Rule 105 of Regulation M prohibits firms from short selling a company’s stock during a restricted period – typically referred to as the five days before a follow-on public offering – and then buying the same security in the offering.

This is because a fundamental goal of Rule 105 is "protecting the independent pricing mechanisms of the securities markets so that offering prices result from the natural forces of supply and demand unencumbered by artificial forces," according to the risk alert. "The Rule is particularly concerned with short selling that could artificially depress market prices. Generally, the offering prices of follow-on and secondary offerings are set at a discount to a stock’s closing price just prior to pricing. A person who expects to receive offering shares may attempt to profit by aggressively short-selling the security just prior to the pricing of the offering, thereby depressing the offering price, and then purchasing lower-priced securities in the offering."

Non-cooperation doesn’t pay off

The SEC made a point of spotlighting one of the six advisers that settled. That adviser also settled Rule 105 violation charges in 2013, but, according to the agency, "refused at that time to review its past trading to determine whether additional violations not identified by the Division of Enforcement had occurred." Unfortunately for the firm, the Enforcement Division "subsequently found seven additional Rule 105 violations," leading to the adviser being sanctioned again, this time with not only a $150,000 civil money penalty but with a conduct order prohibiting it from participating in secondary offerings for a year.

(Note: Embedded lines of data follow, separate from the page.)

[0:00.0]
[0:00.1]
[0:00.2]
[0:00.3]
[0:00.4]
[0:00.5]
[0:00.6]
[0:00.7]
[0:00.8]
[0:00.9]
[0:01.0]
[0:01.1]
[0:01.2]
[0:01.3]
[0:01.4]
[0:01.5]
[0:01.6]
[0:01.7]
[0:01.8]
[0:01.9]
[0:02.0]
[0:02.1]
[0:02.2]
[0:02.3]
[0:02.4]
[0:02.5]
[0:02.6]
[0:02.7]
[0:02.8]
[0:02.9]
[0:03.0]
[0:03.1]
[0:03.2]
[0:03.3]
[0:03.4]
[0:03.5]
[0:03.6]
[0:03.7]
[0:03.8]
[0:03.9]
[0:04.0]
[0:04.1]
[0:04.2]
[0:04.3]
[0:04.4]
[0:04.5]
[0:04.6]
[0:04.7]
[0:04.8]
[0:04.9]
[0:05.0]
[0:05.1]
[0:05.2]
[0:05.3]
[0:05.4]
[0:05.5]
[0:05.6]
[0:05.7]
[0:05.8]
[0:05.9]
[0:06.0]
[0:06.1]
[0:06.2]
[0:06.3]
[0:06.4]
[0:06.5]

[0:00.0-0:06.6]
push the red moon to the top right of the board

"This is the SEC’s way of saying, ‘If we ask you to cooperate, you should. Come clean now and we’ll include it in the settlement. Anything you don’t tell us will create more problems for you later,’" Kanter said.

"It’s a great example of the risk/reward analysis that a firm must consider when the SEC identifies certain violations, but there are related violations that it is unaware of that a firm must decide whether to disclose or not," he said. "If you disclose, there might be some additional financial penalty, but you are done with the matter. If you don’t disclose, there is no immediate financial penalty for those additional items, but you may pay a higher price later."

How the Rule works

The Rule 105 restricted period – the window when a firm cannot short sell a company’s stock – is the shorter of either of the following:

  • The five days before the pricing of the offered securities and ending with the pricing, or
  • The initial filing of the registration statement or notification on Form 1-A or 1-E and ending with the pricing.

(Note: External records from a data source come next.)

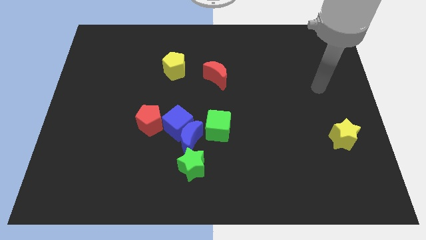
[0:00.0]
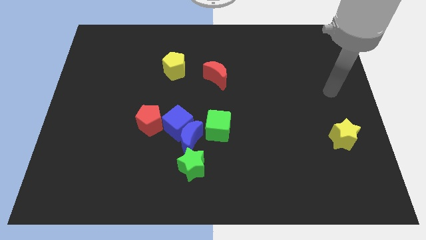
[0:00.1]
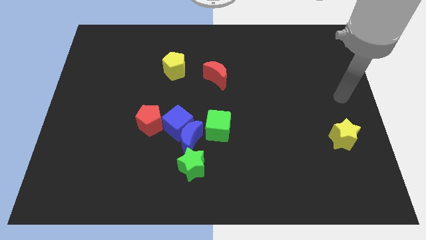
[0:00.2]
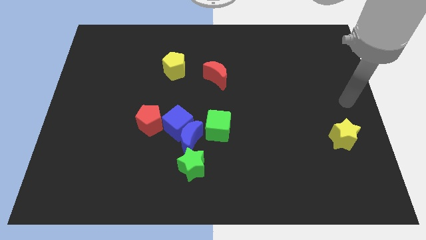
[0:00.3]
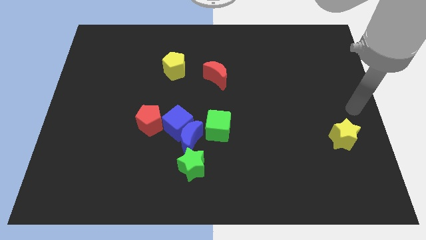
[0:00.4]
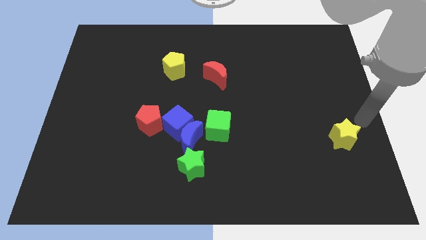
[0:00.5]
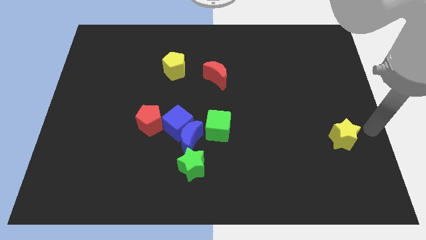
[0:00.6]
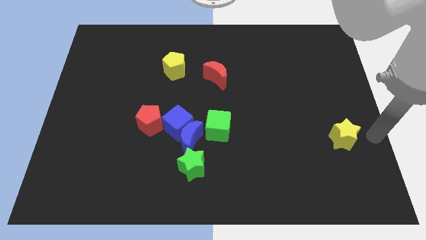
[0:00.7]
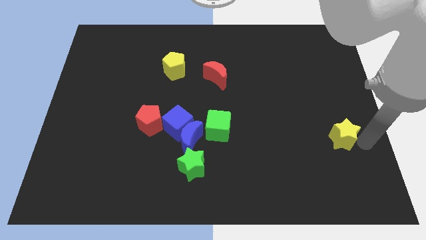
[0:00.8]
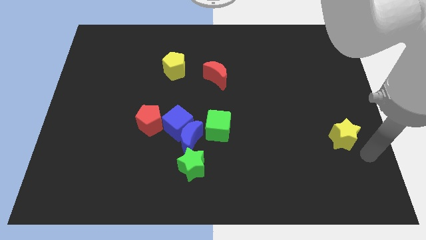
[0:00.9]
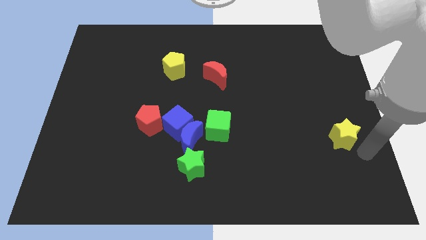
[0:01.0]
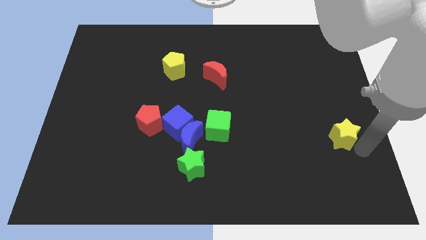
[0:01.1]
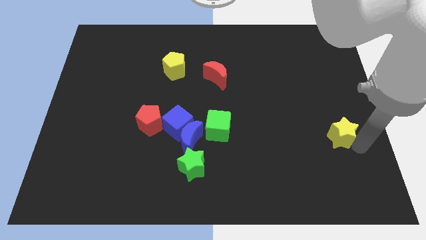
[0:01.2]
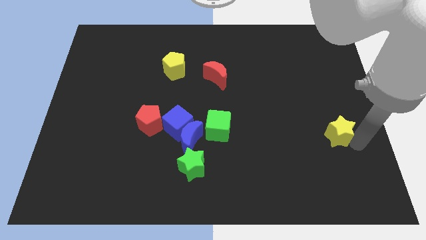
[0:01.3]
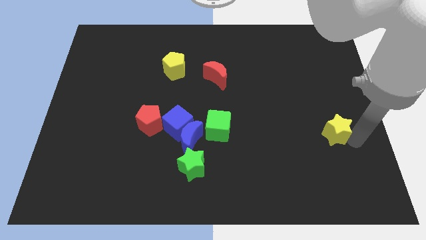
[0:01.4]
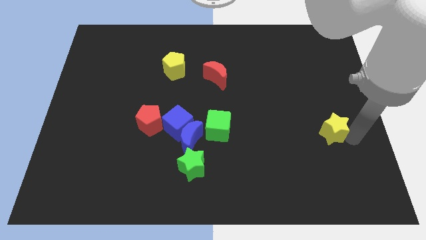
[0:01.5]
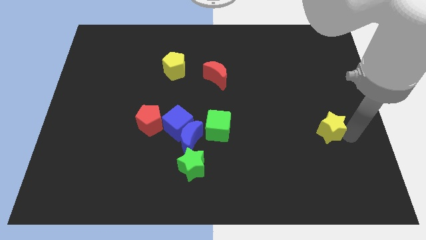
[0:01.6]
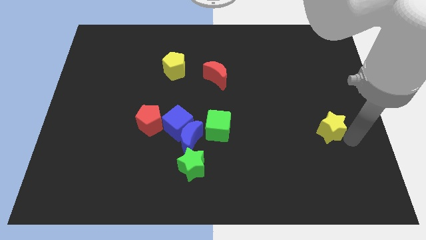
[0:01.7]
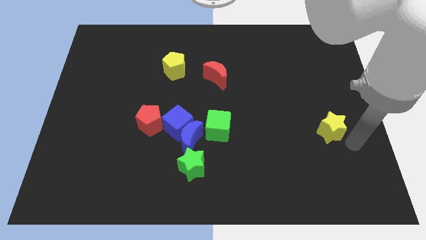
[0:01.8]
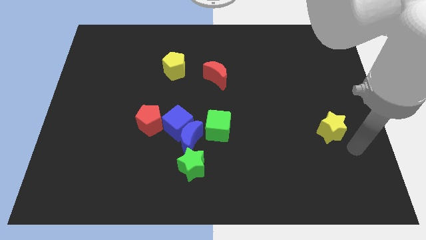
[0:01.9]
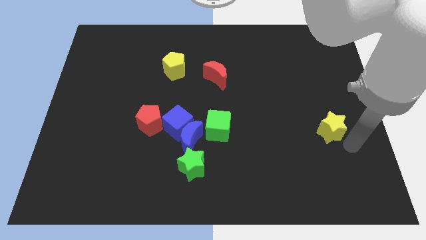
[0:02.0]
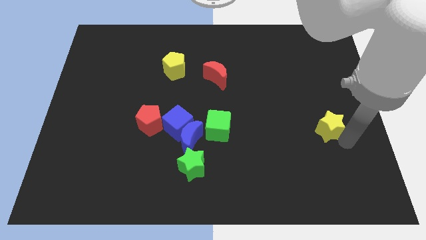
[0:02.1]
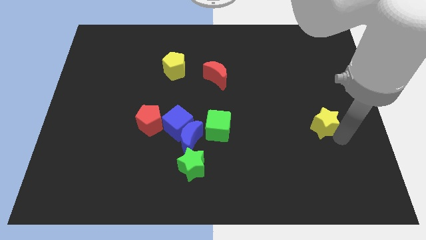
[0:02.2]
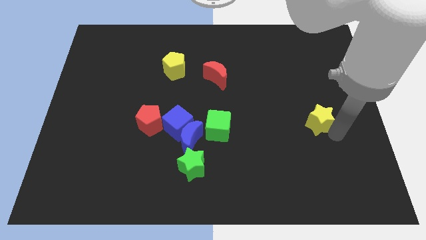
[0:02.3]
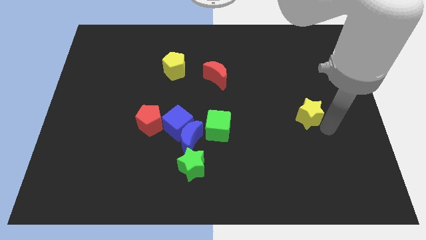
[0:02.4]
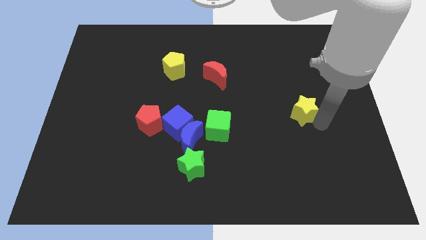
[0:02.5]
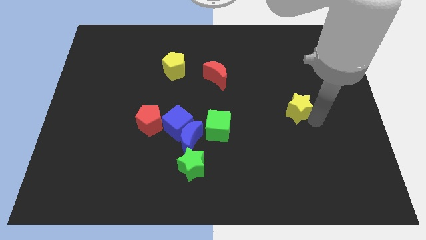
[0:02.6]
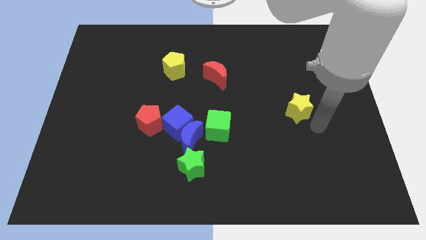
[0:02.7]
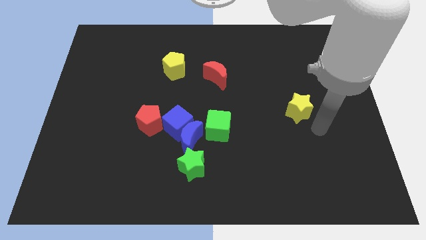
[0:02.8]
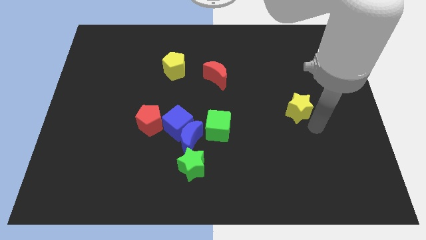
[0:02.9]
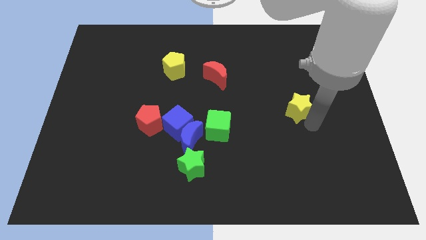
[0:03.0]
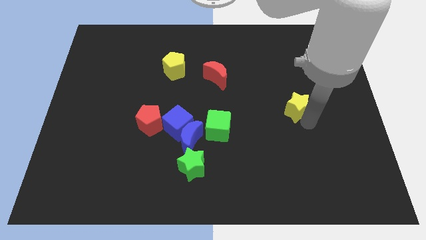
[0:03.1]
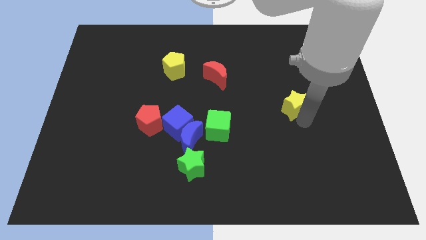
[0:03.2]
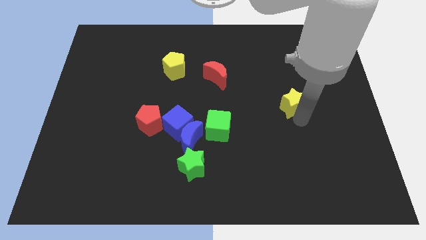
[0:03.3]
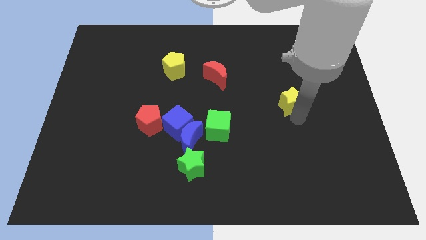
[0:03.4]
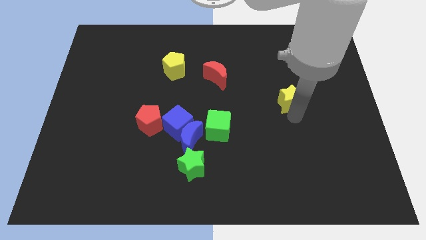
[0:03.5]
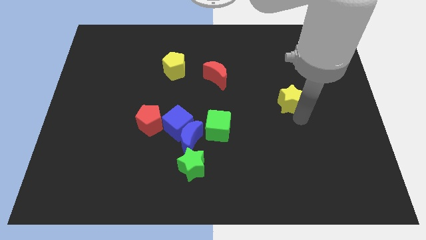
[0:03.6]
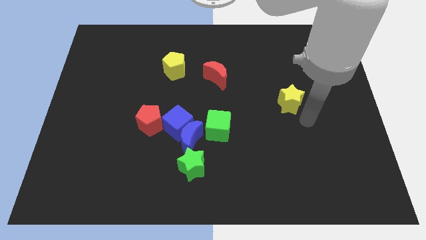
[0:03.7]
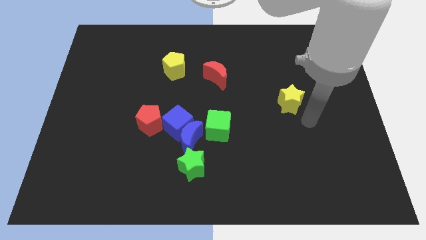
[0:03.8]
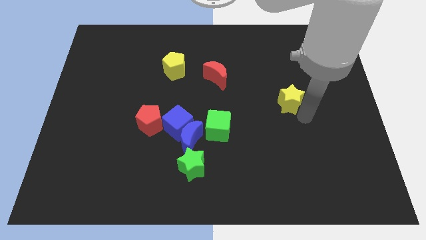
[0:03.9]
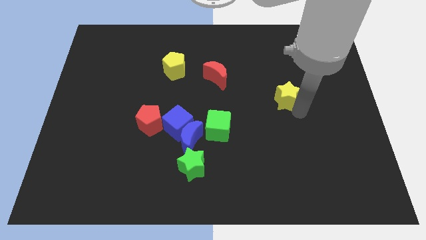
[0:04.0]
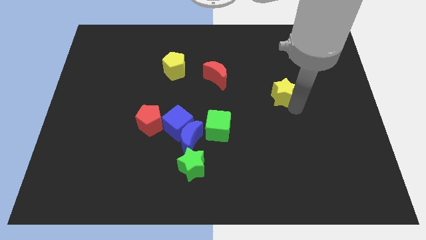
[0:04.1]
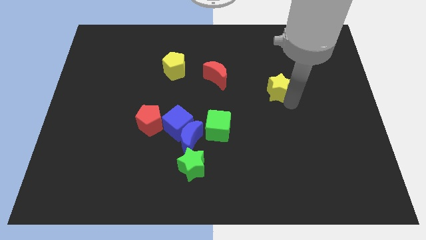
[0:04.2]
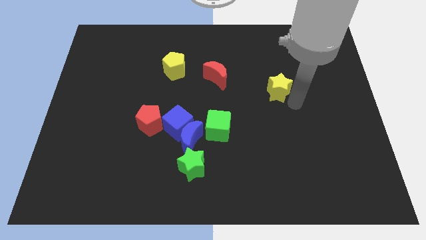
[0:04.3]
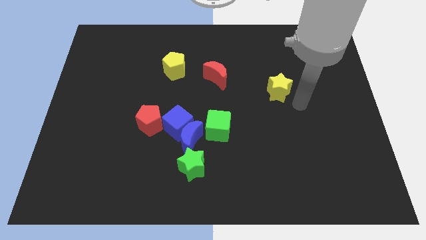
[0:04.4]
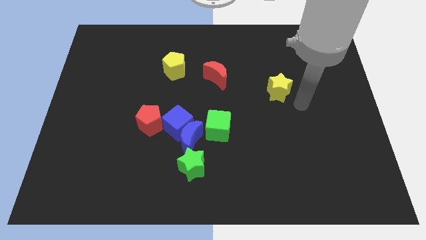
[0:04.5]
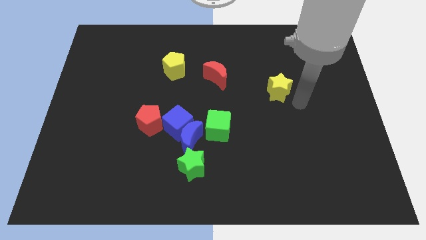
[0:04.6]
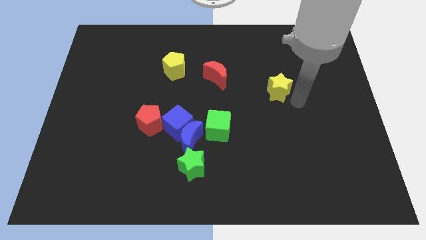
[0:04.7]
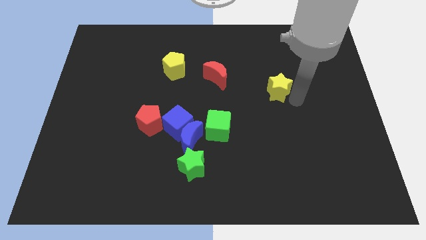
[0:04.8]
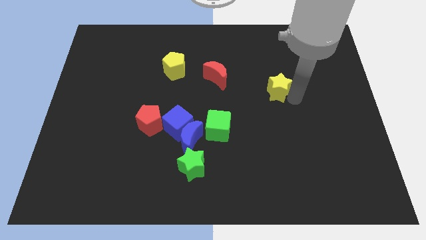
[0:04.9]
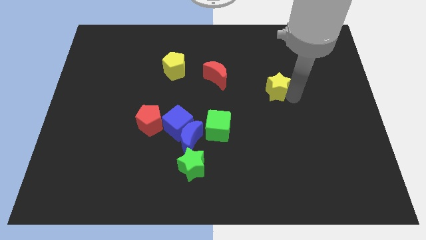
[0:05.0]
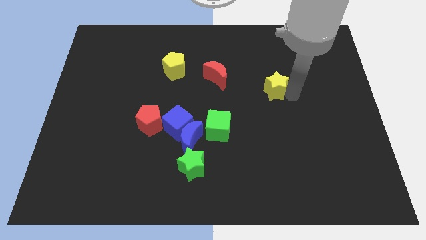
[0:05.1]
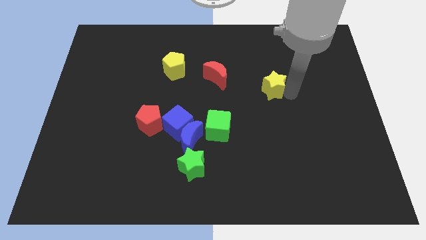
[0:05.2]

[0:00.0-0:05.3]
slide the yellow star up and to the left diagonally

There are three exceptions:

  • Bona fide purchases. This exception allows an entity to purchase a security during an offering even if it sold the security short during the restricted period. Under this exception, the amount of shares purchased must be equal to or greater than the number of shares sold short, the purchase must occur after the short sale but no later than one business day before the pricing of the offering, the purchase must occur before the last 30 minutes of the regular trading session on that day, and it must be properly reported.
  • Separate account. Under this exception, an entity can purchase an offered security if the same entity sold the same security short in another account during the restricted period. The accounts must be truly separate, "without any coordination of trading or cooperation among or between the accounts," the OCIE risk alert says. The accounts must also have "separate and distinct" investment and trading strategies and objectives; personnel for each account cannot coordinate trading among or between the accounts; each account must maintain a separate profit and loss statement; there can be no allocation of securities between or among accounts; and supervisory personnel over multiple accounts, or account owners of multiple accounts, cannot execute trading in the accounts or pre-approve trading.
  • Investment company. This exception allows a registered fund to participate in an offering even when another series of the registered fund or an affiliated registered fund sold short during the restricted period.